Tudo parece indicar que também nós podemos ter uma primavera árabe. Utilizando redes sociais, os jovens concentram suas insatisfações num objeto de protesto, saem às ruas e passam a se confrontar com as autoridades locais. E o movimento se repete e se espalha. Entre nós espanta a rapidez com que se tem multiplicado pelo País afora.

Desde o início era nítido que a insatisfação não se limitava ao aumento do preço das passagens. Os jovens entrevistados na TV terminavam afirmando que, dada a péssima qualidade dos transportes públicos, estes não mereciam aumento nenhum. Daí a impropriedade daqueles que têm se oposto ao movimento recorrendo a argumentos técnicos: o custo do serviço, aumento menor do que a inflação, etc. Os jovens simplesmente estão dizendo que recebem um serviço inadequado e que não encontram canais políticos para exprimir suas insatisfações. Trata-se de uma crise de representação. Se eles estão subordinados ao ritual das eleições periódicas, estas pouco dizem a respeito de sua vida cotidiana. Os manifestantes são vozes sem voto efetivo.
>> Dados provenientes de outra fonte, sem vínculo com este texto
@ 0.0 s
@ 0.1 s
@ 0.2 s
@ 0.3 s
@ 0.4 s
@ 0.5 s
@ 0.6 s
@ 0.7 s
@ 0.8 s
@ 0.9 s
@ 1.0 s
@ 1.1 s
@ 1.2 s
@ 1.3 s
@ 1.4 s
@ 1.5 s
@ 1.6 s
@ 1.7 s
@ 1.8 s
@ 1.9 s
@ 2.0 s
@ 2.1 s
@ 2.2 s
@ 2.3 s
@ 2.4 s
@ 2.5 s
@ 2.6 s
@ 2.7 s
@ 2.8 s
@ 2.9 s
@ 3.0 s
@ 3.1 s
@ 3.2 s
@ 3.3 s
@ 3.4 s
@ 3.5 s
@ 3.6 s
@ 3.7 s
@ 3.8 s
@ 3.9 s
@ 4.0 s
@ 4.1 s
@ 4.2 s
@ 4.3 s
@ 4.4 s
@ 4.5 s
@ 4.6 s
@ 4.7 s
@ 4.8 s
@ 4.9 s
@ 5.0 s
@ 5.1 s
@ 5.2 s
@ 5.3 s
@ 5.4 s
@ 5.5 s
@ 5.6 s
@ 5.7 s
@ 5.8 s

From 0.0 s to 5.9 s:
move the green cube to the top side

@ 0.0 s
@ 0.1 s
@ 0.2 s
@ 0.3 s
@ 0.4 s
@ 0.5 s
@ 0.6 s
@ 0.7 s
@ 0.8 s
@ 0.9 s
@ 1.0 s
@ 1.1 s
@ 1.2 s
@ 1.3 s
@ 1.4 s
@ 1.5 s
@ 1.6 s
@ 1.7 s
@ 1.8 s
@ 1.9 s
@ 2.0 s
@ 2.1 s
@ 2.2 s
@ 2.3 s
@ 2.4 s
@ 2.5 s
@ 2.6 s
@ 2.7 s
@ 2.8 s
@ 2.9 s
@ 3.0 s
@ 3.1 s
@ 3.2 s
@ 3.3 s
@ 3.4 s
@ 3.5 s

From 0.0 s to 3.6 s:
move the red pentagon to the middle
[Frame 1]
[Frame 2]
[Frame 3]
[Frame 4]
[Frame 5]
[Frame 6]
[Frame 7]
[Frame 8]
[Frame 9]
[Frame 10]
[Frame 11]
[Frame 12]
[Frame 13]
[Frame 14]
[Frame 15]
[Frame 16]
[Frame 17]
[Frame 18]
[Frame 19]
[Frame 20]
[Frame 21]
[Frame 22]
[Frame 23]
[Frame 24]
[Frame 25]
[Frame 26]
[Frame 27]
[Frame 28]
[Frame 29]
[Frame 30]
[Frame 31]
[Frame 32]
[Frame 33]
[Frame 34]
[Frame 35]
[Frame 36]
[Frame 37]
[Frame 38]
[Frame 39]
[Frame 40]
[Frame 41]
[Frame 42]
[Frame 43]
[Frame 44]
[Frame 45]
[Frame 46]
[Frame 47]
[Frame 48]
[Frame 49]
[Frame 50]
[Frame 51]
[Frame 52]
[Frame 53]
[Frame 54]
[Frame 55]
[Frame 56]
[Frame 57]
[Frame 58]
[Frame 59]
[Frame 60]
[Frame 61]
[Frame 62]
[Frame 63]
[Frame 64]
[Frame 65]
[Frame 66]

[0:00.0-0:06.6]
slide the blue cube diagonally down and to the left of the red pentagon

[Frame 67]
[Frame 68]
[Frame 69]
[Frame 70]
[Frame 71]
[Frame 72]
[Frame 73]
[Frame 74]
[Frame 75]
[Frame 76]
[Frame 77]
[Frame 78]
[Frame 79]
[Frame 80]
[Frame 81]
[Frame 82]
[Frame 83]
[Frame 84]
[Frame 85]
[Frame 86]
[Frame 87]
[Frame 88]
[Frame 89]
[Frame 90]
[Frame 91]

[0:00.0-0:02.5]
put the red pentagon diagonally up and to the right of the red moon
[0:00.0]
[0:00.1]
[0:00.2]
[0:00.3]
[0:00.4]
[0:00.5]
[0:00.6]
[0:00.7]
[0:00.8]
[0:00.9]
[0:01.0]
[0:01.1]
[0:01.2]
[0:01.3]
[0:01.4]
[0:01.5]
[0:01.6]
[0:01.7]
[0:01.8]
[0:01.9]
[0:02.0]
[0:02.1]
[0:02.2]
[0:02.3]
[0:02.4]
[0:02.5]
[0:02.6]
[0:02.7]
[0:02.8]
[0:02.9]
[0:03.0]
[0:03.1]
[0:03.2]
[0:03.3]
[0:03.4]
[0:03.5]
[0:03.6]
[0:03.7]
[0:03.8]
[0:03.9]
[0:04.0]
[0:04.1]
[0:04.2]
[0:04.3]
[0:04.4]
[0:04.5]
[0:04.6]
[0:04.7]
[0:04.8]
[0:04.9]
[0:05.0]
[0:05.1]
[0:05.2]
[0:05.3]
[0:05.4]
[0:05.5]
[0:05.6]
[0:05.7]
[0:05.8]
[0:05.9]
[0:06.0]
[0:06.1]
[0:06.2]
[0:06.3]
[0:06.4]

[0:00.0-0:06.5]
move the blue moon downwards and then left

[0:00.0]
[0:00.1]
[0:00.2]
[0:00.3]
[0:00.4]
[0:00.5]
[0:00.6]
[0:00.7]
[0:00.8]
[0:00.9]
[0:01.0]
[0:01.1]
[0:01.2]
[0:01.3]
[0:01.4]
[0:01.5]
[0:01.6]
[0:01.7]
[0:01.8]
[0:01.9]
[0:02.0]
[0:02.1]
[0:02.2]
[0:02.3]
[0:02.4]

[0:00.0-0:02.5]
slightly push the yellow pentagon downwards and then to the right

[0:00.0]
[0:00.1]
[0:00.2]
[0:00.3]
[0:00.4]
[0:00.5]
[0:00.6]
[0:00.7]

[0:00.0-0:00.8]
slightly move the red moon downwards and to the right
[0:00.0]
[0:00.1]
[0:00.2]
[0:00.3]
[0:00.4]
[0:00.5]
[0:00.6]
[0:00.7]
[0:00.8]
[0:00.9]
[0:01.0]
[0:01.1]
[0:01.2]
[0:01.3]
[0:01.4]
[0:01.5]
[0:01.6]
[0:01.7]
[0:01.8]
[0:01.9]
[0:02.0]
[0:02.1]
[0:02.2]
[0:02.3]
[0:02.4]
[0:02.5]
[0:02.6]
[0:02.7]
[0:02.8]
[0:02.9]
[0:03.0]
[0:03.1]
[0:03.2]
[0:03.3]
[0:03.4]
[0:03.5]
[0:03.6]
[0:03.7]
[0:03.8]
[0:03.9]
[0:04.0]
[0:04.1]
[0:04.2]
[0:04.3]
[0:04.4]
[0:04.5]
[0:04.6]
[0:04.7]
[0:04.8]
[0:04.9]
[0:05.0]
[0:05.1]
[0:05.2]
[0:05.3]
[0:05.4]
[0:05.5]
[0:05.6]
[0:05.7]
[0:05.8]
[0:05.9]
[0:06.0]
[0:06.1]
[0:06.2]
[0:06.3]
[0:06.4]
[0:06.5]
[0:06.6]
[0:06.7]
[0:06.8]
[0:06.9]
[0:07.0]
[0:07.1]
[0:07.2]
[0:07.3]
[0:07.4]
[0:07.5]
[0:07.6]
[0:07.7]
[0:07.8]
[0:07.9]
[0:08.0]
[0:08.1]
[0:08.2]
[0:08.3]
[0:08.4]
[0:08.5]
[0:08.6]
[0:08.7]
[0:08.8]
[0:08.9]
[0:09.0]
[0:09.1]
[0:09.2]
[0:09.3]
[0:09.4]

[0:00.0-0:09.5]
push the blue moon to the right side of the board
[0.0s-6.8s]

Caem no molhado as autoridades quando proclamam que, estando nós numa democracia, o protesto deveria ser ordeiro e conforme os canais competentes. Esses canais estão viciados. Daí a necessidade de transformar um incidente num evento político. E a manifestação assume esse caráter porque, mesmo deixando de formular palavras de ordem adequadas, as pessoas passam a manifestar suas contrariedades assumindo o risco de apanharem, de serem presas, de se machucarem e até mesmo de morrerem. Igualmente o risco de que baderneiros a elas se juntem, consequência, aliás, da fraca organização política do processo.

O movimento atual é contra a ditadura do discurso feito, destas siglas mortas – PAC, Minha Casa Minha Vida, etc. – executadas sempre aos pedaços. Está morto o projeto lulopetista – essa minha afirmação não nega sua enorme importância histórica. Mas ele se esgotou na repetição esclerosada, na incapacidade de se ajustar às novas situações que ele mesmo, às vezes, propiciou. Diante de uma dificuldade, apenas oferece um novo pedaço do bolo. E no jogo político, soçobrou num acordão em que PT e PMDB trocam favores e flechadas sem que os problemas reais do País sejam enfrentados. A oposição, por sua vez, não tem projeto, a não ser ocupar um lugar privilegiado nessa troca corrompida. A política atualmente praticada se afoga na farsa da repetição.

Nessas situações politicamente mortas, não é raro que o vigor da política efetiva retorne de supetão. Um Jânio Quadros, um Collor de Mello são os exemplos mais recentes. Eles rompem o sistema esclerosado, mas terminam sendo expulsos dele. Este, depois do choque, termina encontrando as vias da renovação conservadora. Note-se que em São Paulo, na última eleição, Celso Russomanno iniciou esse tipo de disparada, mas tropeçou por causa de um erro de cálculo, precisamente no preço dos transportes coletivos. Não é esse o setor em que a insuficiência de planejamento das políticas públicas se faz mais evidente na vida cotidiana?

Os jovens foram para as ruas vociferando contra o beco no qual foram empurrados. Nos últimos tempos este governo quis transformar nossa sociedade num enorme e variado supermercado. Essa modernização transformou as grandes cidades num inferno e o aparelho de Estado no lugar de troca de favores. Os jovens já têm demonstrado suas opções por outras formas de vida, o que demanda novas formas de politização. Pouco lhes interessa o ritual das eleições em que se diz o que todo o mundo já está cansado de dizer.

Cada vez mais se toma consciência entre nós de que o Estado suga parte importante do produto nacional bruto, sem que devolva os serviços prometidos e necessários a um bem-estar razoável. E os jovens se defrontam de imediato com a farsa em que se transformou a educação nacional, obviamente com raras e nobilíssimas exceções. Diante do problema mais urgente, pleiteiam mais verbas sem se dar conta da podridão do sistema. Mais do que verbas, é urgente uma completa revisão das instituições educativas vigentes. A começar pela reeducação dos educadores, que, na maioria das vezes, ignoram o que estão a ensinar. Até há pouco tempo eu me mortificava com este viés do educador se transformar num sacerdote do saber revolucionário, vendo-se sobretudo como um militante de ideias vindouras. Mais do que emancipar, porém, o educador de hoje, quando vem a ser intelectual, precisa deixar florescer. Será ele capaz disso? Mas me parece é que estamos entrando na fase do intelectual minguante.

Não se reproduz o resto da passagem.